Records excerpted from a collection
● ● ● ●
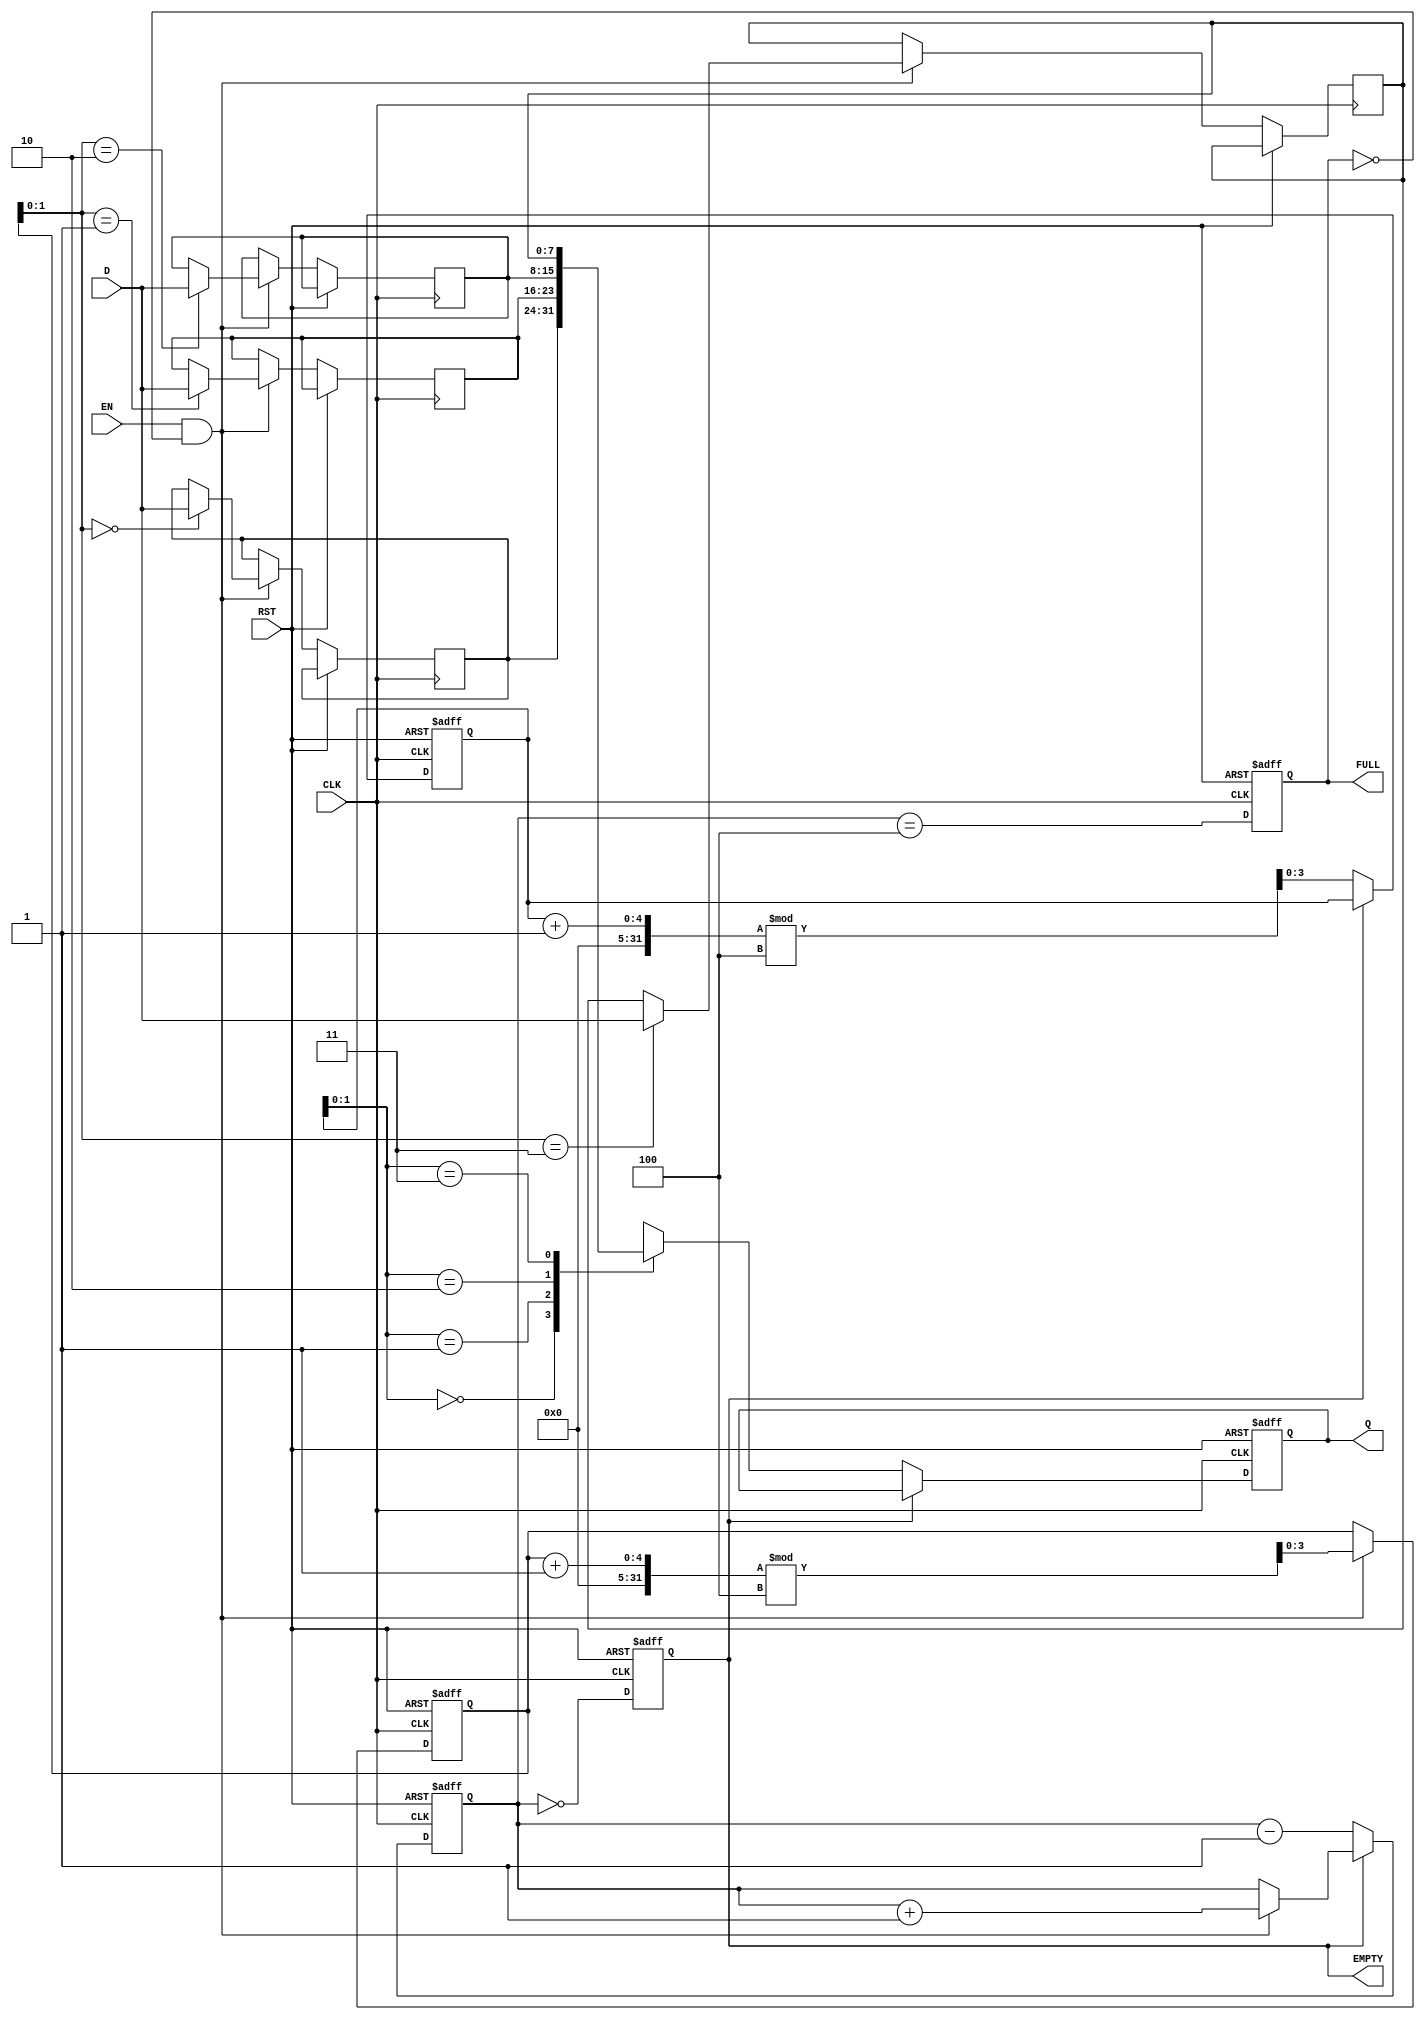
module pipeline_buffer #(
    parameter DATA_WIDTH = 8, // Width of the data
    parameter DEPTH = 4        // Depth of the pipeline buffer
)(
    input  wire [DATA_WIDTH-1:0] D,   // Data input
    input  wire CLK,                   // Clock signal
    input  wire RST,                   // Asynchronous reset
    input  wire EN,                    // Enable signal
    output reg  [DATA_WIDTH-1:0] Q,    // Data output
    output reg  FULL,                  // Full flag
    output reg  EMPTY                  // Empty flag
);

    reg [DATA_WIDTH-1:0] buffer [0:DEPTH-1]; // Storage elements
    reg [3:0] write_ptr;                     // Write pointer
    reg [3:0] read_ptr;                      // Read pointer
    reg [3:0] count;                         // Number of items in the buffer

    // Asynchronous reset
    always @(posedge CLK or posedge RST) begin
        if (RST) begin
            write_ptr <= 0;
            read_ptr <= 0;
            count <= 0;
            FULL <= 0;
            EMPTY <= 1;
            Q <= 0;
        end else begin
            // Write operation
            if (EN && !FULL) begin
                buffer[write_ptr] <= D;    // Store input data
                write_ptr <= (write_ptr + 1) % DEPTH; // Increment write pointer
                count <= count + 1;         // Increment count
            end

            // Read operation
            if (!EMPTY) begin
                Q <= buffer[read_ptr];      // Output data from buffer
                read_ptr <= (read_ptr + 1) % DEPTH; // Increment read pointer
                count <= count - 1;         // Decrement count
            end

            // Update FULL and EMPTY flags
            FULL <= (count == DEPTH);
            EMPTY <= (count == 0);
        end
    end

endmodule
● ● ● ●
--- What is being asked ---
Repeat the preceding records exactly but drop the images.

--- Result of the task ---
module pipeline_buffer #(
    parameter DATA_WIDTH = 8, // Width of the data
    parameter DEPTH = 4        // Depth of the pipeline buffer
)(
    input  wire [DATA_WIDTH-1:0] D,   // Data input
    input  wire CLK,                   // Clock signal
    input  wire RST,                   // Asynchronous reset
    input  wire EN,                    // Enable signal
    output reg  [DATA_WIDTH-1:0] Q,    // Data output
    output reg  FULL,                  // Full flag
    output reg  EMPTY                  // Empty flag
);

    reg [DATA_WIDTH-1:0] buffer [0:DEPTH-1]; // Storage elements
    reg [3:0] write_ptr;                     // Write pointer
    reg [3:0] read_ptr;                      // Read pointer
    reg [3:0] count;                         // Number of items in the buffer

    // Asynchronous reset
    always @(posedge CLK or posedge RST) begin
        if (RST) begin
            write_ptr <= 0;
            read_ptr <= 0;
            count <= 0;
            FULL <= 0;
            EMPTY <= 1;
            Q <= 0;
        end else begin
            // Write operation
            if (EN && !FULL) begin
                buffer[write_ptr] <= D;    // Store input data
                write_ptr <= (write_ptr + 1) % DEPTH; // Increment write pointer
                count <= count + 1;         // Increment count
            end

            // Read operation
            if (!EMPTY) begin
                Q <= buffer[read_ptr];      // Output data from buffer
                read_ptr <= (read_ptr + 1) % DEPTH; // Increment read pointer
                count <= count - 1;         // Decrement count
            end

            // Update FULL and EMPTY flags
            FULL <= (count == DEPTH);
            EMPTY <= (count == 0);
        end
    end

endmodule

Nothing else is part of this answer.